You might be wondering: How is hemp turned into fabric? Whether you are considering buying hemp-made clothing or not, you should learn more about how the plant is processed.
Here are some steps in the process. These include the spinning of hemp fibres, flattening them with pressure, using softeners and wrinkle-resistors, bleaching and dyeing, and more.
Although hemp processing is not completely eco-friendly, the process does not include the use of harmful chemicals.
Before we learn how hemp is processed into fabric, we should first understand the different benefits of using it.
Unlike cotton, hemp requires only small amounts of land to grow, and it produces twice as much fibre per hectare as cotton.

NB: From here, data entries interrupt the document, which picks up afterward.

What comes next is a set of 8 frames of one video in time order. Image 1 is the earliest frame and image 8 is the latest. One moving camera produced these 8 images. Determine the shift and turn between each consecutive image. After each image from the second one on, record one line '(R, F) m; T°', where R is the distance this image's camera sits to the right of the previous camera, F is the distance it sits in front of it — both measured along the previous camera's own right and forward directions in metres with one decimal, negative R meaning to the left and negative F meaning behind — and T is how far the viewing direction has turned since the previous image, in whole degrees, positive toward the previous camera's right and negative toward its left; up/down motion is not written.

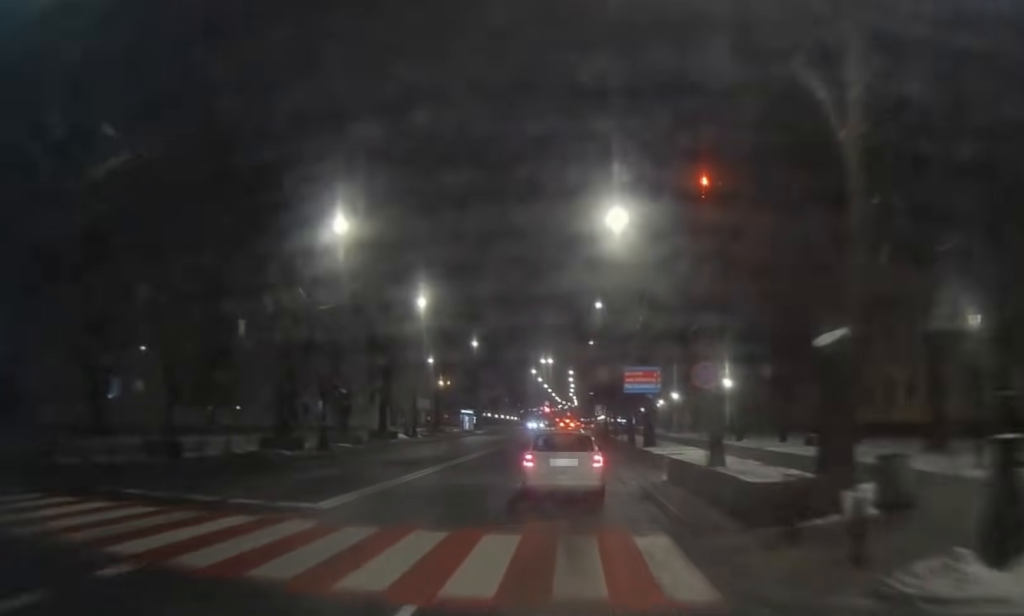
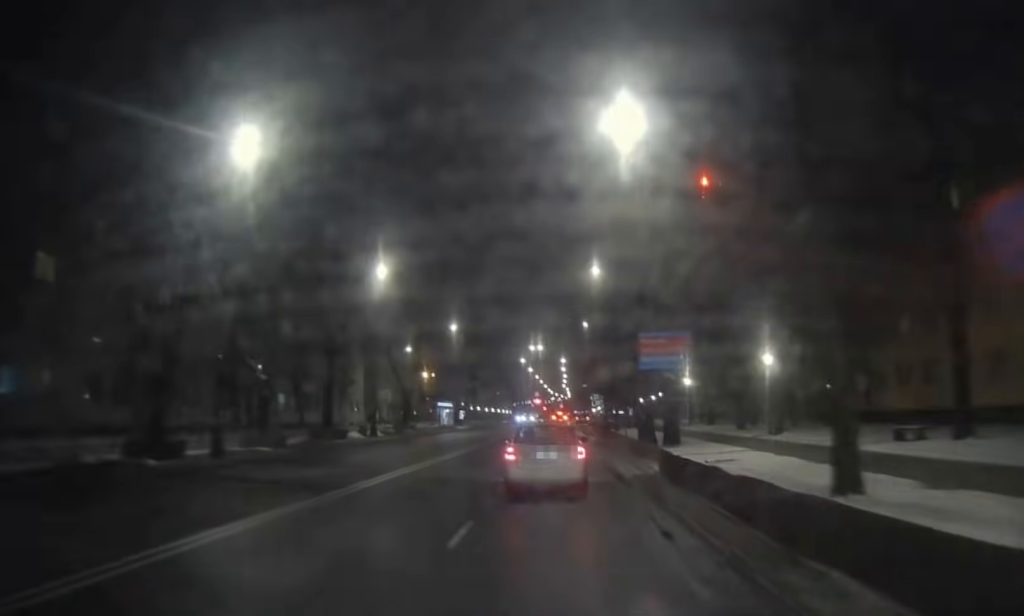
(+0.1, +11.6) m; 0°
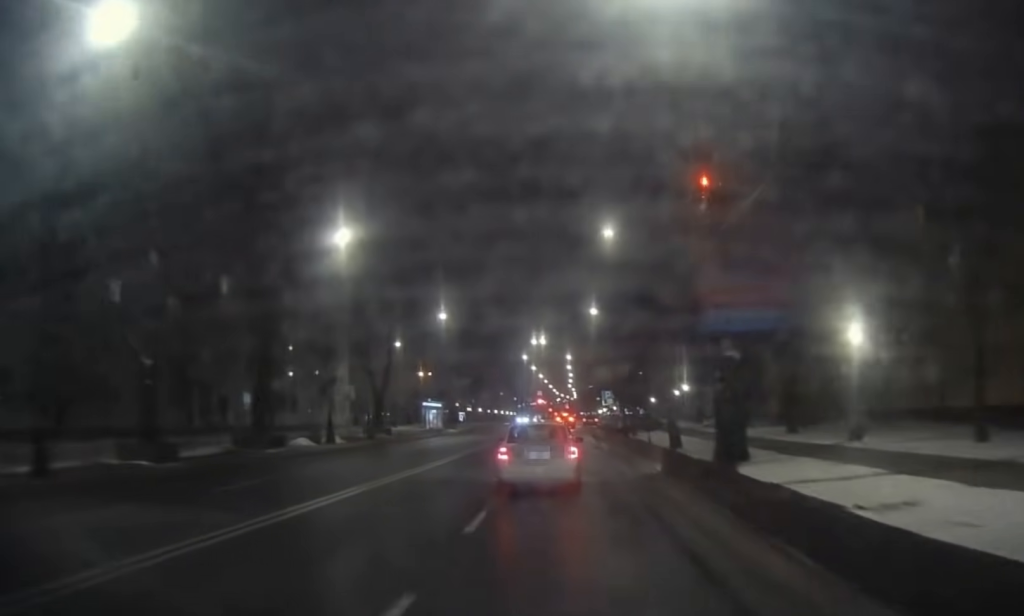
(-0.1, +11.0) m; 0°
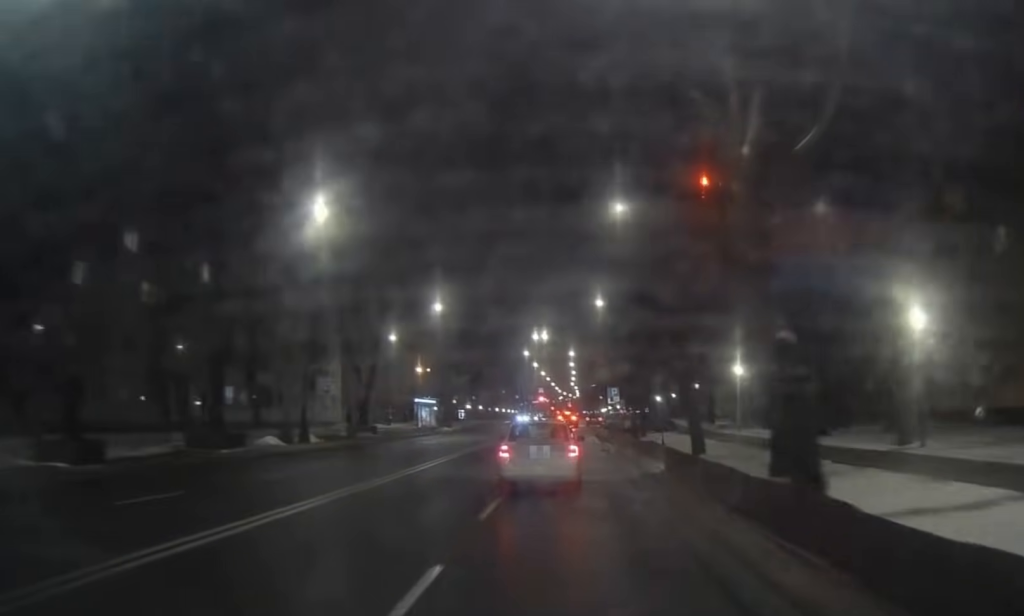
(0.0, +4.8) m; 0°
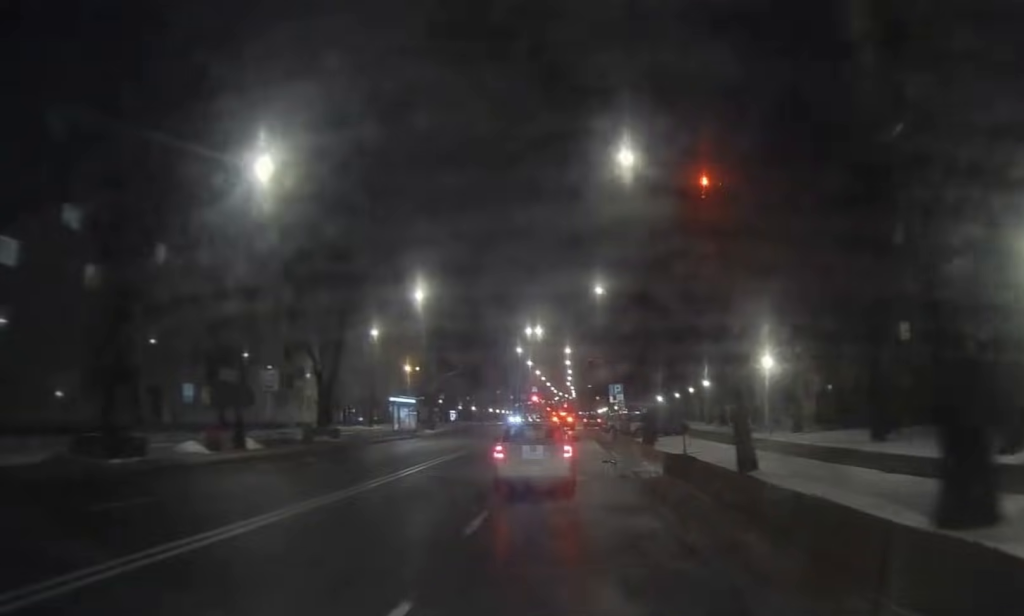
(0.0, +7.6) m; 0°
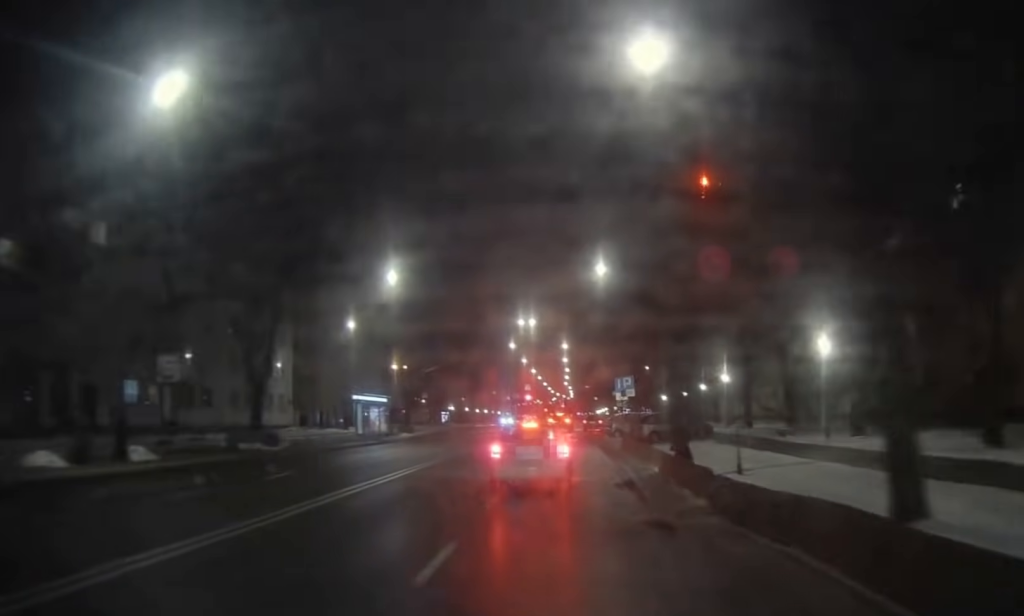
(0.0, +8.9) m; 0°
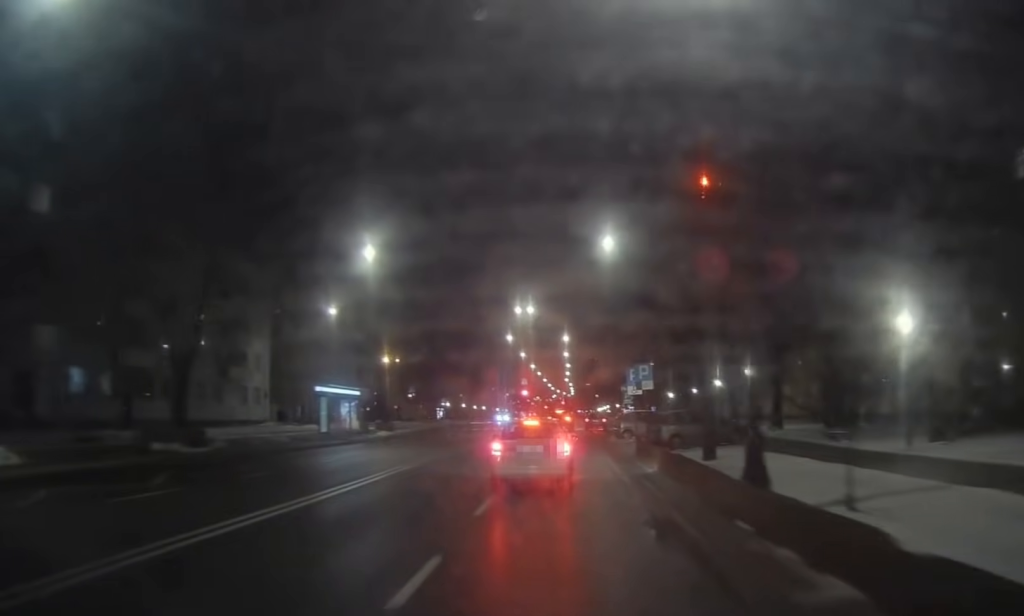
(+0.1, +7.1) m; 0°
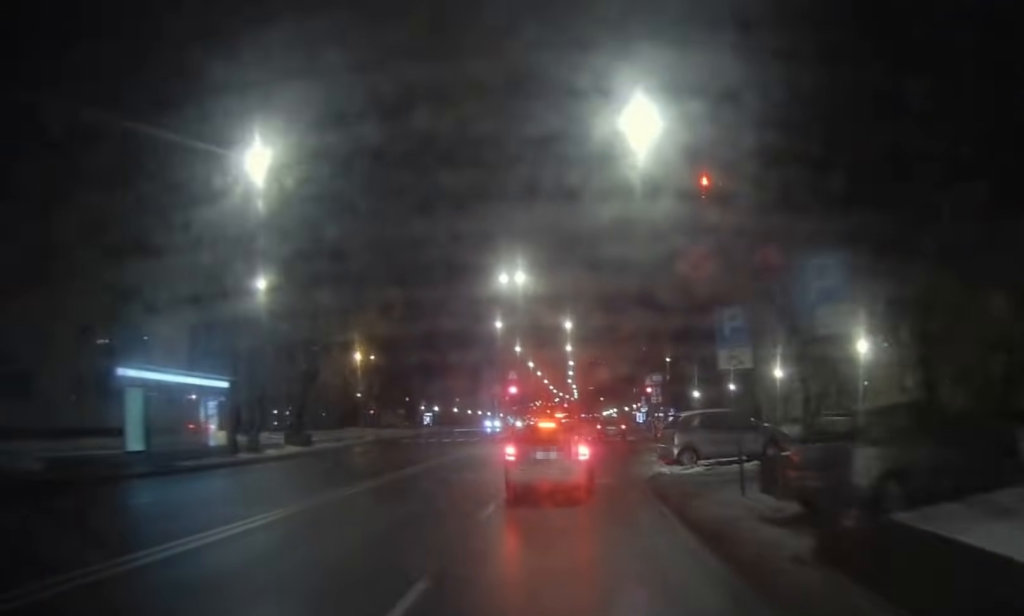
(-0.3, +18.8) m; -1°

Moreover, hemp is a sustainable crop, which means that the process should not negatively affect the environment.
Therefore, hemp-based textiles should be made using low-impact methods and consideration for the workers, the consumer, and the profits.
The hemp stalk is harvested when the lower leaves turn yellow. The stalks are subsequently sorted into two sections: the fibrous outer portion and the woody core.
Once the male stalks are harvested, the female ones are left to mature until their seeds are ready. The male plants produce fibre with a finer texture than the female ones.
A 1996 study in Hungary concluded that male hemp fibre was more valuable than the female hemp fiber and was 12% stronger.